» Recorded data
++++++

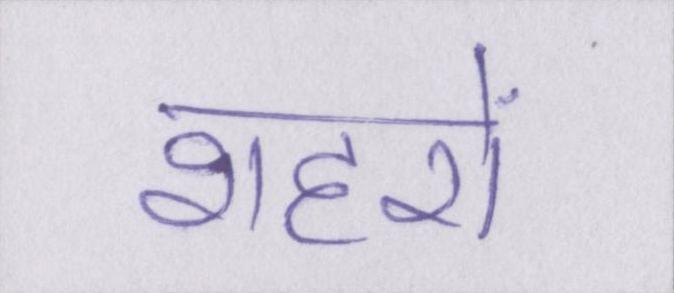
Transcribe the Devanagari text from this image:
शहरों
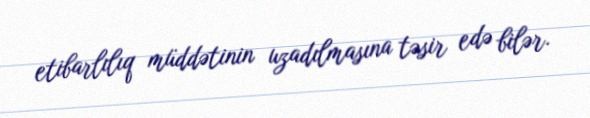
etibarlılıq müddətinin uzadılmasına təsir edə bilər.
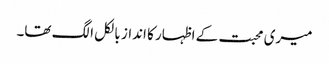
میری محبت کے اظہار کا انداز بالکل الگ تھا۔
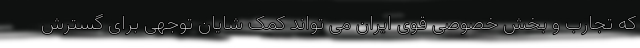
که تجارب و بخش خصوصی قوی ایران می تواند کمک شایان توجهی برای گسترش
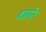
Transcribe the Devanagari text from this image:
वांगरे
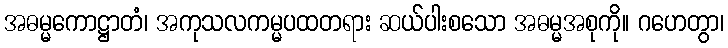
အဓမ္မကောဋ္ဌာတံ၊ အကုသလကမ္မပထတရား ဆယ်ပါးစသော အဓမ္မအစုကို။ ဂဟေတွာ၊
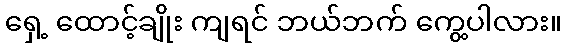
ရှေ့ ထောင့်ချိုး ကျရင် ဘယ်ဘက် ကွေ့ပါလား။
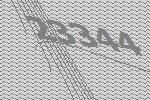
23344
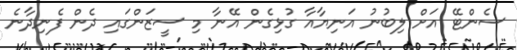
ސެންޓޭ އަށް ލިބުނު އަނިޔާއާ ގުޅިގެން އޭނާ މި ސީޒަންގައި ދެން ފެނިދާނެ
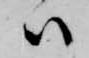
ハ
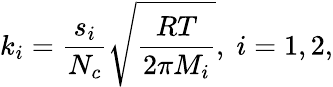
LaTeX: k_{i}=\frac{s_{i}}{N_{c}}\sqrt{\frac{RT}{2\pi M_{i}}},\; i=1,2,
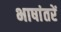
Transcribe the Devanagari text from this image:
भाषांतरें
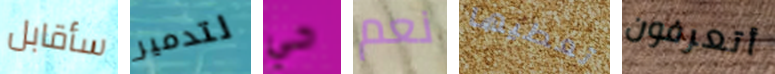
سأقابل لتدمير حي نعم تعطيها أتعرفون
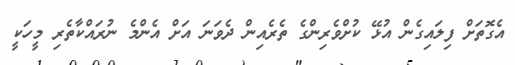
އެގޮތަށް ފިލައިގެން އުޅޭ ކުށްވެރިންގެ ތެރެއިން ދެވަނަ އަށް އެންމެ ނުރައްކާތެރި މީހަކީ
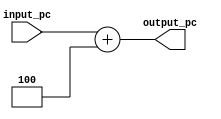
module pc_inc #(
    parameter DWIDTH = 64
) (
    input_pc, output_pc
);
    input [DWIDTH-1:0] input_pc;
    output [DWIDTH-1:0] output_pc;
    
    assign output_pc = input_pc + 4;
    
endmodule
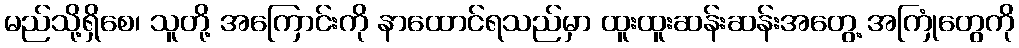
မည်သို့ရှိစေ၊ သူတို့ အကြောင်းကို နာထောင်ရသည်မှာ ထူးထူးဆန်းဆန်းအတွေ့ အကြုံတွေကို
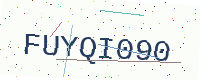
Text: FUYQI090
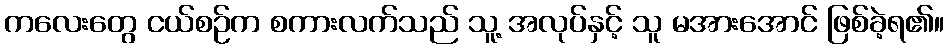
ကလေးတွေ ငယ်စဉ်က စကားလက်သည် သူ့ အလုပ်နှင့် သူ မအားအောင် ဖြစ်ခဲ့ရ၏။
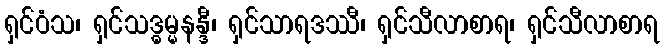
ရှင်ဝံသ၊ ရှင်သဒ္ဓမ္မနန္ဒီ၊ ရှင်သာရဒဿီ၊ ရှင်သီလာစာရ၊ ရှင်သီလာစာရ
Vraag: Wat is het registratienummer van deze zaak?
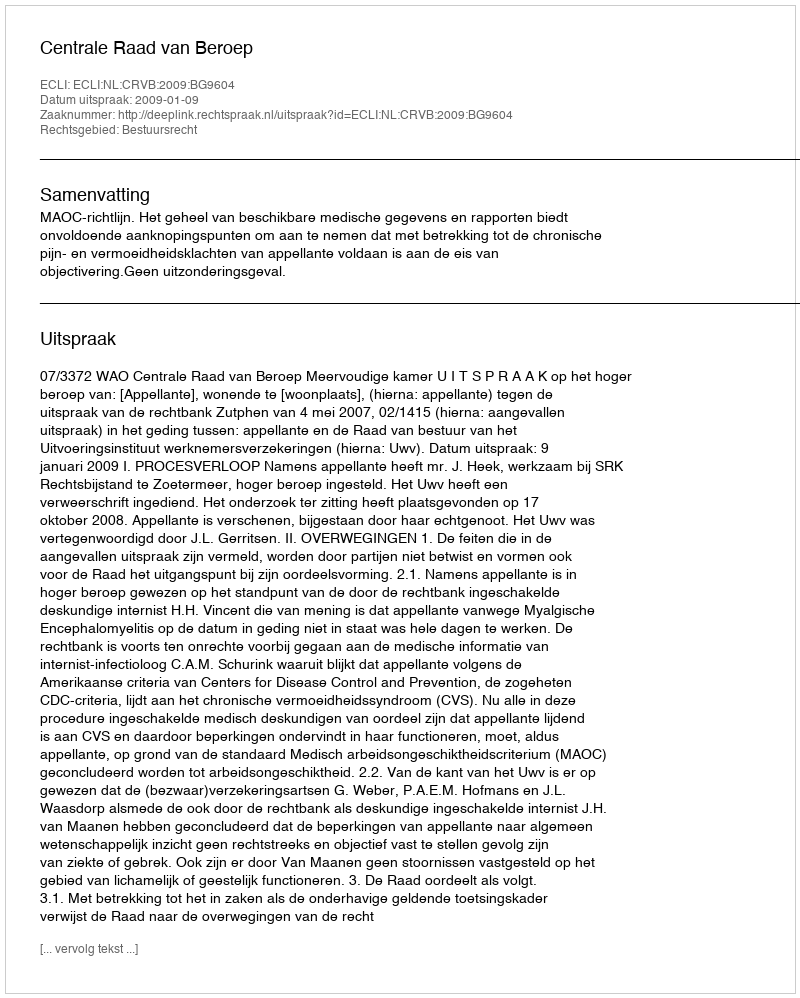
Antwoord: http://deeplink.rechtspraak.nl/uitspraak?id=ECLI:NL:CRVB:2009:BG9604
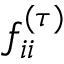
f _ { i i } ^ { ( \tau ) }
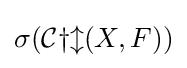
\sigma ({\mathcal {Cyl}}(X,F))
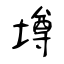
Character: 墫
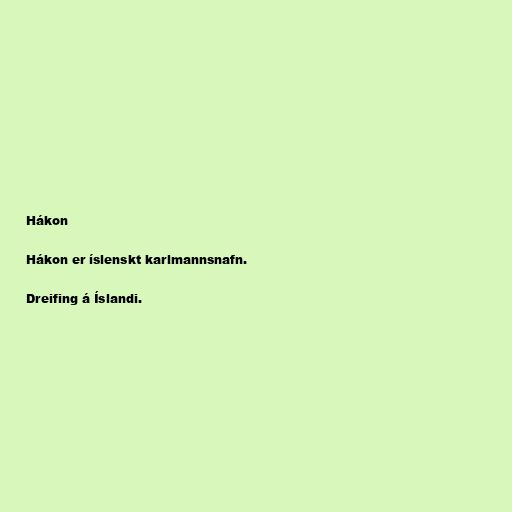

++++++

» Directions for this task
Exact copy, no pictures: set down all the entries again as they stand.

» Answer to this problem
Transcribe the Devanagari text from this image:
शहरों
etibarlılıq müddətinin uzadılmasına təsir edə bilər.
میری محبت کے اظہار کا انداز بالکل الگ تھا۔
که تجارب و بخش خصوصی قوی ایران می تواند کمک شایان توجهی برای گسترش
Transcribe the Devanagari text from this image:
वांगरे
အဓမ္မကောဋ္ဌာတံ၊ အကုသလကမ္မပထတရား ဆယ်ပါးစသော အဓမ္မအစုကို။ ဂဟေတွာ၊
ရှေ့ ထောင့်ချိုး ကျရင် ဘယ်ဘက် ကွေ့ပါလား။
23344
ސެންޓޭ އަށް ލިބުނު އަނިޔާއާ ގުޅިގެން އޭނާ މި ސީޒަންގައި ދެން ފެނިދާނެ
ハ
LaTeX: k_{i}=\frac{s_{i}}{N_{c}}\sqrt{\frac{RT}{2\pi M_{i}}},\; i=1,2,
Transcribe the Devanagari text from this image:
भाषांतरें
سأقابل لتدمير حي نعم تعطيها أتعرفون
އެގޮތަށް ފިލައިގެން އުޅޭ ކުށްވެރިންގެ ތެރެއިން ދެވަނަ އަށް އެންމެ ނުރައްކާތެރި މީހަކީ
module pc_inc #(
    parameter DWIDTH = 64
) (
    input_pc, output_pc
);
    input [DWIDTH-1:0] input_pc;
    output [DWIDTH-1:0] output_pc;
    
    assign output_pc = input_pc + 4;
    
endmodule
မည်သို့ရှိစေ၊ သူတို့ အကြောင်းကို နာထောင်ရသည်မှာ ထူးထူးဆန်းဆန်းအတွေ့ အကြုံတွေကို
Text: FUYQI090
ကလေးတွေ ငယ်စဉ်က စကားလက်သည် သူ့ အလုပ်နှင့် သူ မအားအောင် ဖြစ်ခဲ့ရ၏။
ရှင်ဝံသ၊ ရှင်သဒ္ဓမ္မနန္ဒီ၊ ရှင်သာရဒဿီ၊ ရှင်သီလာစာရ၊ ရှင်သီလာစာရ
Vraag: Wat is het registratienummer van deze zaak?
Antwoord: http://deeplink.rechtspraak.nl/uitspraak?id=ECLI:NL:CRVB:2009:BG9604
f _ { i i } ^ { ( \tau ) }
\sigma ({\mathcal {Cyl}}(X,F))
Character: 墫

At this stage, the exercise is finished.